As one reads “Confront and Conceal”, the narrative flows in a sequential manner based on the myriad of strategic choices that were made in Obama’s formative first four years. It begins with the desire of the administration to shift from war in Iraq to what President Obama believed should have been the focus of effort in Afghanistan. Thus, Sanger gets into the details of a troop escalation that ultimately brought the total number of American troops in Afghanistan to roughly 100,000. Additionally, under Obama, the “war on terror” was replaced by the explicit objective of defeating al-Qaeda. Sanger has a very balanced analysis of how the Obama administration danced around the legality of drone strikes and the escalation of drone attacks within Pakistan, a sovereign, nuclear power, who consistently argued that American drones killed its civilian population. From Iran, Afghanistan, and Pakistan, it seemed like the Middle East could not have become any more complex. But, when a young Tunisian man committed an act of self-immolation as an act protest against the Tunisian government, events seemed to rapidly spiral into what is now called the “Arab Spring.” The Arab Spring saw the US depose another dictator in Muammar Gaddafi, the long-time Libyan strongman, who met his end trying to evade air strikes and rebel forces in a drainage pipe on October 20, 2011. Meanwhile in Egypt, Sanger describes the tensions that developed as internal pressures mounted against Hosni Mubarak. The US eventually broke with Mubarak, and Sanger recounts the decision that culminated in a phone conversation that President Obama had in which he told the former Egyptian President in unequivocal terms that it was time to step down.

The last part of “Confront and Conceal” deals with a rising China and the enduring threat posed by North Korea. Several years later, US and North Korean tensions have not abated. The same problems that the Obama administration faced are now on the plate of President Trump and his National Security Council. However, the situation with China seems neutral if not improved. One must give President Obama credit for the “pivot” to the Pacific to focus on the threat of a rising Chinese military power. Perhaps I am personally biased as I was directly involved in executing this strategy as I deployed to Darwin, Australia in 2015. While the pivot to the Pacific did not halt China’s economic and military development, it did reinforce the strong relationship that the US had with traditional allies in the region, and assured them that the US was committed to protecting international norms and maritime security.
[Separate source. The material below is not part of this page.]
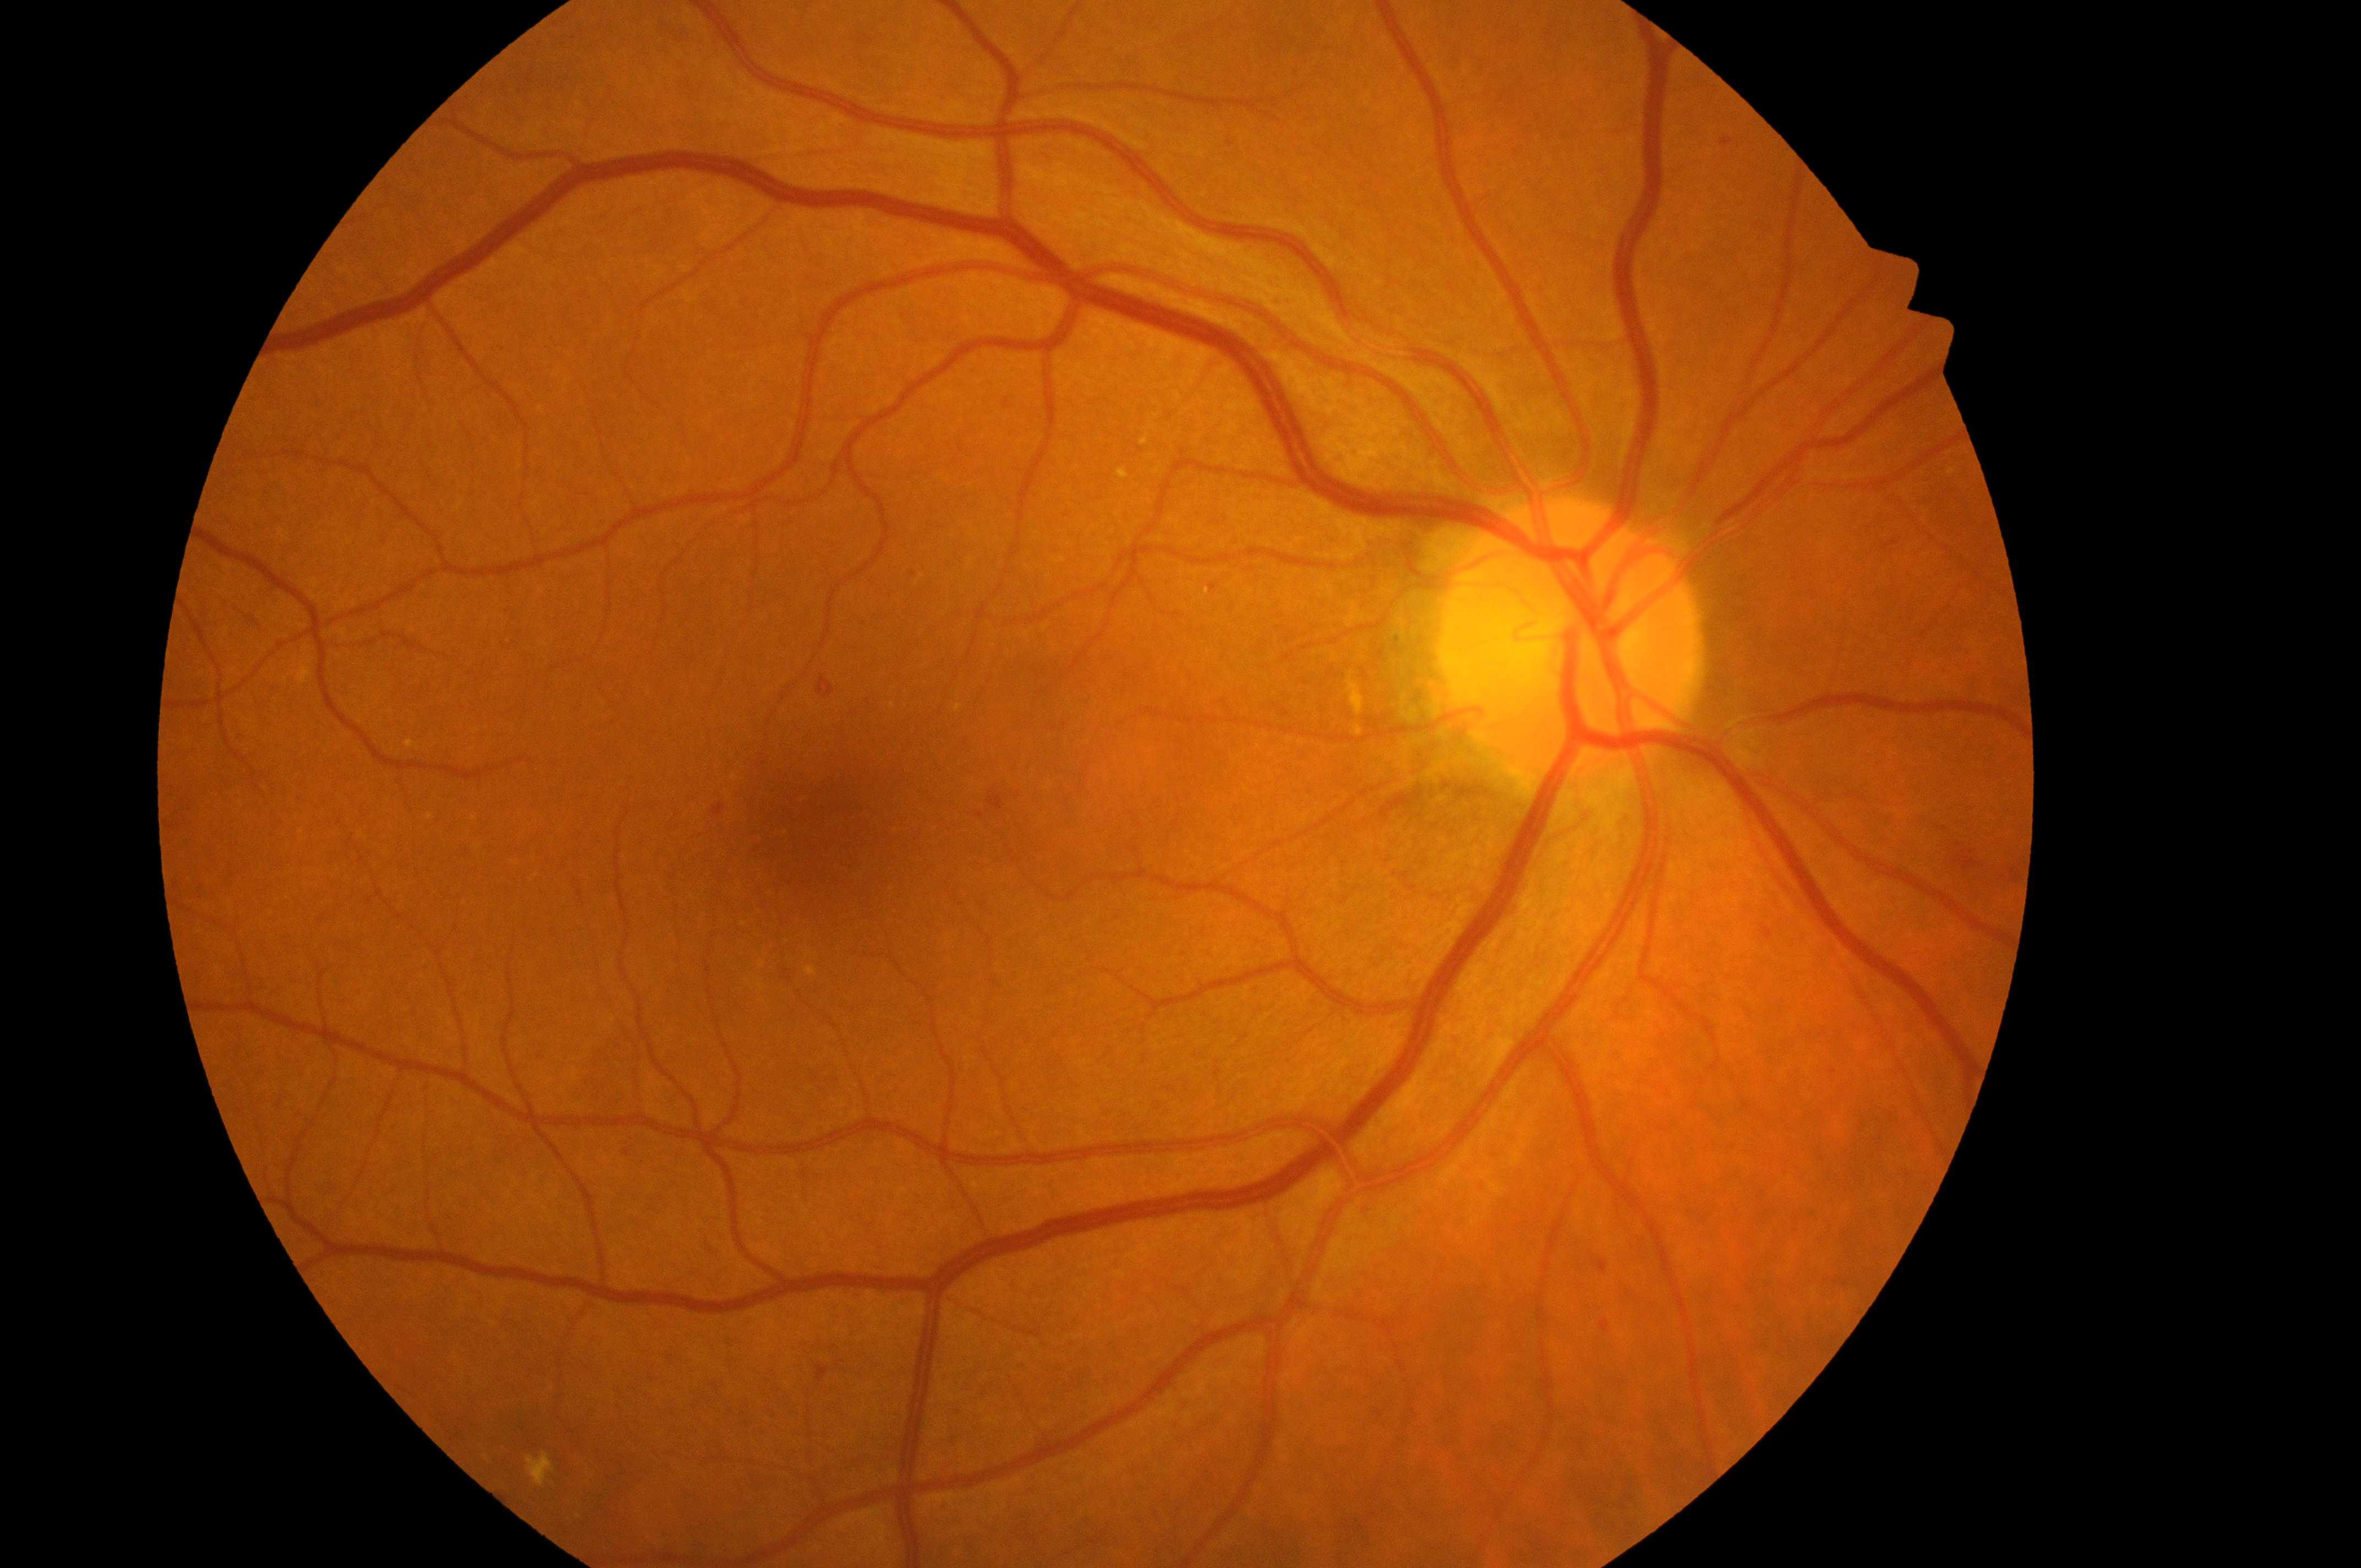

The image shows the right eye. Disease class: non-proliferative diabetic retinopathy. ONH: (1564,651). Diabetic retinopathy (DR) is moderate NPDR (grade 2). Diabetic macular edema (DME) is grade 2 (high risk). Fovea located at (829,831).

To this end, China may have balked in the face of America’s bold return to the region. At least for now. Sanger describes that at a minimum, US strategic commitment to the region galvanized a segment of Chinese internal politics, which sought to check the militant nationalism of its military establishment. Sanger articulates this point with an enlightening anecdote in which during a January 2011 visit to Beijing, Defense Secretary Bob Gates discovers that a Chinese military show of force with J-20 Stealth Fighter jets was meant as message to Chinese President Hu Jintao rather than himself.

“Confront and Conceal” remains an important book as we survey the landscape of foreign policy in 2017. At the time of publication, it would have been difficult to predict that parts of Syria and Iraq would be overrun by a terrorist group or that Russia would annex Crimea or that a reality television star, whose political career was born in the tasteless lie of the birther movement, would become President of the United States, but that is how things have played out. “Confront and Conceal” does foster a nostalgia for President Obama’s finer qualities as commander-in-chief namely his attention to detail, thorough analysis, and boldness for risk. At the same time, one can see in his desire to steer the US out of conflicts in the Middle East, the foundation for failures and inaction that would cause the region to simmer in the chaos we see today. Nevertheless, Sanger’s book is insightful and well-written. It will inevitably allow people to look at this short period in American foreign policy history and ask themselves “what if” for many years to come.